**DATA TO EXAMINE:**

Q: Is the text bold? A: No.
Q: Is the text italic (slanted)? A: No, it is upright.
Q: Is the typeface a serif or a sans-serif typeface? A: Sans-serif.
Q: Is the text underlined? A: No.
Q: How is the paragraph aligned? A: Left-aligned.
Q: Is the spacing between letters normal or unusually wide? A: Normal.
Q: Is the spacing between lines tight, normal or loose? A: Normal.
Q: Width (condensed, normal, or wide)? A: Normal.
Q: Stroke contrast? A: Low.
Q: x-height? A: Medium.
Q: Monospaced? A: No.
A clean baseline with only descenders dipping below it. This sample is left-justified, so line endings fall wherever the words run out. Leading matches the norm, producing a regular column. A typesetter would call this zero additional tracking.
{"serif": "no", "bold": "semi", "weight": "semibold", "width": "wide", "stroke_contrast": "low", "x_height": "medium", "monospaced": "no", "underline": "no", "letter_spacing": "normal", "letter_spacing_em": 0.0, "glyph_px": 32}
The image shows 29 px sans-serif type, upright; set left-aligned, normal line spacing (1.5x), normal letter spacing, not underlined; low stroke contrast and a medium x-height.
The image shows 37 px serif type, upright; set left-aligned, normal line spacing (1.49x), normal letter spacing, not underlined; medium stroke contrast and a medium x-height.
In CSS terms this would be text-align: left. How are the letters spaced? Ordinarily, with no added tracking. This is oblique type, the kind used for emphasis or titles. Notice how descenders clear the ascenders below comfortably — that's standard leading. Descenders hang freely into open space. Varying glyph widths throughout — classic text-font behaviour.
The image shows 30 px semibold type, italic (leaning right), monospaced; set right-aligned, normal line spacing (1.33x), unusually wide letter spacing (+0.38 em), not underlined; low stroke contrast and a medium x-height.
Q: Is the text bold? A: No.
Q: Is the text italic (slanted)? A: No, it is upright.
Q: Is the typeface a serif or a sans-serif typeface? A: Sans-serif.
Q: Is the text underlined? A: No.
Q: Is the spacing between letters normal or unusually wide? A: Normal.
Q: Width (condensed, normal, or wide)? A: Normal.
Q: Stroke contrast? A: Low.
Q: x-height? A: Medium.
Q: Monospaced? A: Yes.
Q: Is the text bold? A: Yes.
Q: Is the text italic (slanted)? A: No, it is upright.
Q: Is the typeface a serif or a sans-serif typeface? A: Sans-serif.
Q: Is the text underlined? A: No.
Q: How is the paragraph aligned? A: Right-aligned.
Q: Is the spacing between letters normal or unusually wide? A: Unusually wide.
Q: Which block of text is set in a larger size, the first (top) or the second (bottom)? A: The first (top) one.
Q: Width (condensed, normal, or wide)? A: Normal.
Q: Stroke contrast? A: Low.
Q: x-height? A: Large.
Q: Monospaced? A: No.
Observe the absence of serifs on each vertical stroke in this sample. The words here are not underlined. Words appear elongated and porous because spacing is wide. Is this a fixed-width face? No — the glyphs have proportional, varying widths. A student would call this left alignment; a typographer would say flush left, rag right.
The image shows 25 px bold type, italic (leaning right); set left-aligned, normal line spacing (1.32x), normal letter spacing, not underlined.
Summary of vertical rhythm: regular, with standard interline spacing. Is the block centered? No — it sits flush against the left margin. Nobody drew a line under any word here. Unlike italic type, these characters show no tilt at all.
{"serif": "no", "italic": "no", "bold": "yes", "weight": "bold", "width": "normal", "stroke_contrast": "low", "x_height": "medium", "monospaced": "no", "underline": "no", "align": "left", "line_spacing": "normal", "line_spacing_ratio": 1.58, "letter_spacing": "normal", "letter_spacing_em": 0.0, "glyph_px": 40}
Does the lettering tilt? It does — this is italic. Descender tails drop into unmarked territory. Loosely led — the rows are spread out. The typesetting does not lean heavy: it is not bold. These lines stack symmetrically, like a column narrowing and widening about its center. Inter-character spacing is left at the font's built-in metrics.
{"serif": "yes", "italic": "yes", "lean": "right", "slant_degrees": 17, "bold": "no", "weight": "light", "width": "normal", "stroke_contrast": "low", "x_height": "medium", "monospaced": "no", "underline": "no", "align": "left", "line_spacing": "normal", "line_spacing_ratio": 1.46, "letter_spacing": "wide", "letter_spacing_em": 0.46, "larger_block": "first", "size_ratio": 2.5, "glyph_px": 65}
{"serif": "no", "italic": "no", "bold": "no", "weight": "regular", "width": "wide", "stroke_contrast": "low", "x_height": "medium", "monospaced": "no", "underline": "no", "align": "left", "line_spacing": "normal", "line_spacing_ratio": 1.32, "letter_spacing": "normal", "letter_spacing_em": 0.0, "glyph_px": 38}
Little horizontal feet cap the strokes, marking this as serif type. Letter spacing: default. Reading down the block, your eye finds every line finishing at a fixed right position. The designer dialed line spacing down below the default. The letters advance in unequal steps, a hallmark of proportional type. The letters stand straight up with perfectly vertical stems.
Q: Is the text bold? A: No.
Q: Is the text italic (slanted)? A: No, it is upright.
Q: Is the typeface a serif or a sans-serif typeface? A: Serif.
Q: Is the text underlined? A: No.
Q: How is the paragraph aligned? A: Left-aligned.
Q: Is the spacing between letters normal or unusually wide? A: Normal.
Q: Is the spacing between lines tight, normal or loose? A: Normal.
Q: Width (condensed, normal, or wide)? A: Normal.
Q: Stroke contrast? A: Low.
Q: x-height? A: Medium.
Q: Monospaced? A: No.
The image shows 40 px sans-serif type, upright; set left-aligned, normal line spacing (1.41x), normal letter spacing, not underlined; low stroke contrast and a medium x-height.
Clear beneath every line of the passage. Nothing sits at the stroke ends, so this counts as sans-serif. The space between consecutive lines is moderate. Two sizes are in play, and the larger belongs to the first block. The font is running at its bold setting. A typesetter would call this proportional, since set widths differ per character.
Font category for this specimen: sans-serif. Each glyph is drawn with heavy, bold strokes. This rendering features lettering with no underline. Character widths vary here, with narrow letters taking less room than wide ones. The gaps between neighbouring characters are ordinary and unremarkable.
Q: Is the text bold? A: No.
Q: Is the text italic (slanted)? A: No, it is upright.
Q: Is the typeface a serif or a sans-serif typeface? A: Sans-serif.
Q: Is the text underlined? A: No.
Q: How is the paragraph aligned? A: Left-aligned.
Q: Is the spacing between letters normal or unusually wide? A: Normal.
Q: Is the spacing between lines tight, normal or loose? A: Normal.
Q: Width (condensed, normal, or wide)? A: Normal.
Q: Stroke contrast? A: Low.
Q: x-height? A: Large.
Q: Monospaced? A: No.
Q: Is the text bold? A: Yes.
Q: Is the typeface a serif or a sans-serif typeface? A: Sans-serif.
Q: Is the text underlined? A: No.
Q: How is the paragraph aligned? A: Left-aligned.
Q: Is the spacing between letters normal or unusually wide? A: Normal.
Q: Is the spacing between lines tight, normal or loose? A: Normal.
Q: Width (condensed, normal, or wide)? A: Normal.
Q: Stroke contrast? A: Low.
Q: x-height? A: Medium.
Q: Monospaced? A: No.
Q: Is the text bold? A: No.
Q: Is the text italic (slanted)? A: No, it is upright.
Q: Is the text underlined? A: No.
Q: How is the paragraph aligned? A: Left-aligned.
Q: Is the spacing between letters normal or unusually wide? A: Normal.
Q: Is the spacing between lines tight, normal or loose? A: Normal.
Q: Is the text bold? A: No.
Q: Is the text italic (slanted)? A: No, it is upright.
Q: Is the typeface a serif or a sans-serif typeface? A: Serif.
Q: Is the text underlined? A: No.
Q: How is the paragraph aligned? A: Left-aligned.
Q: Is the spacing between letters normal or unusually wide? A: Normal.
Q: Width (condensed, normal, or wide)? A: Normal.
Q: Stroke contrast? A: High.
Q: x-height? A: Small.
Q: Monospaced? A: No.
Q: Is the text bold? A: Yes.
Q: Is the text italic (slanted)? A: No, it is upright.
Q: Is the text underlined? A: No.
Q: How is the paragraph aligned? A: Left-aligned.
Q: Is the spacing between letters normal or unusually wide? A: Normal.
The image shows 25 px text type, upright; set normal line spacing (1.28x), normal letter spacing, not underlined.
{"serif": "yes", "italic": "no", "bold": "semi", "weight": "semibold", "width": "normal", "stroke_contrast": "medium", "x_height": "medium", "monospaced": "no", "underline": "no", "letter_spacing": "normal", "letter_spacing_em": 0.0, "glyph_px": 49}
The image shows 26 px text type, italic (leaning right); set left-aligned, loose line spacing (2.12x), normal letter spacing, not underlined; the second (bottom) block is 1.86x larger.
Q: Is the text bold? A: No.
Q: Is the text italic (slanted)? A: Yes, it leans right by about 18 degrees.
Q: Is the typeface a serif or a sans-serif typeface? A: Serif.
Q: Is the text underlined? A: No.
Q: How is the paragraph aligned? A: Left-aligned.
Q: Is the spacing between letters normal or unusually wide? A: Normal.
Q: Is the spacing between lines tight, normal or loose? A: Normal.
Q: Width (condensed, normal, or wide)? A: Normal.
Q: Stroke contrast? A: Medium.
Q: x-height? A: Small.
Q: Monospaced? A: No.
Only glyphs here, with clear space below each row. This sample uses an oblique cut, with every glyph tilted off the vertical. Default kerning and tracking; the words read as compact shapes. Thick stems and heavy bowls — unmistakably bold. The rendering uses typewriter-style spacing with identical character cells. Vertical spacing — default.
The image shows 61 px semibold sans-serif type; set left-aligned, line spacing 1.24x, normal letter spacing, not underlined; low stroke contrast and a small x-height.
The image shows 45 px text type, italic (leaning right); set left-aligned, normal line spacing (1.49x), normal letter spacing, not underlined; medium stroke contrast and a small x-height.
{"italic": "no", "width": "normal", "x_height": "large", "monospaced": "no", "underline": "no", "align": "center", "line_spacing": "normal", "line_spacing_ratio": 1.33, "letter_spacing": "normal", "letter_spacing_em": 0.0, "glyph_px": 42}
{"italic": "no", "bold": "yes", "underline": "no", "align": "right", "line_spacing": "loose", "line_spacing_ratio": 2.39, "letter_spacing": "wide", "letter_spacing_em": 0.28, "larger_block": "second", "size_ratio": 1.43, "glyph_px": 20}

**WORK TO COMPLETE:** Output each line of the listing in which the string "bottom" is found.

**RESULT FOR THIS TASK:**
Q: Which block of text is set in a larger size, the first (top) or the second (bottom)? A: The first (top) one.
The image shows 26 px text type, italic (leaning right); set left-aligned, loose line spacing (2.12x), normal letter spacing, not underlined; the second (bottom) block is 1.86x larger.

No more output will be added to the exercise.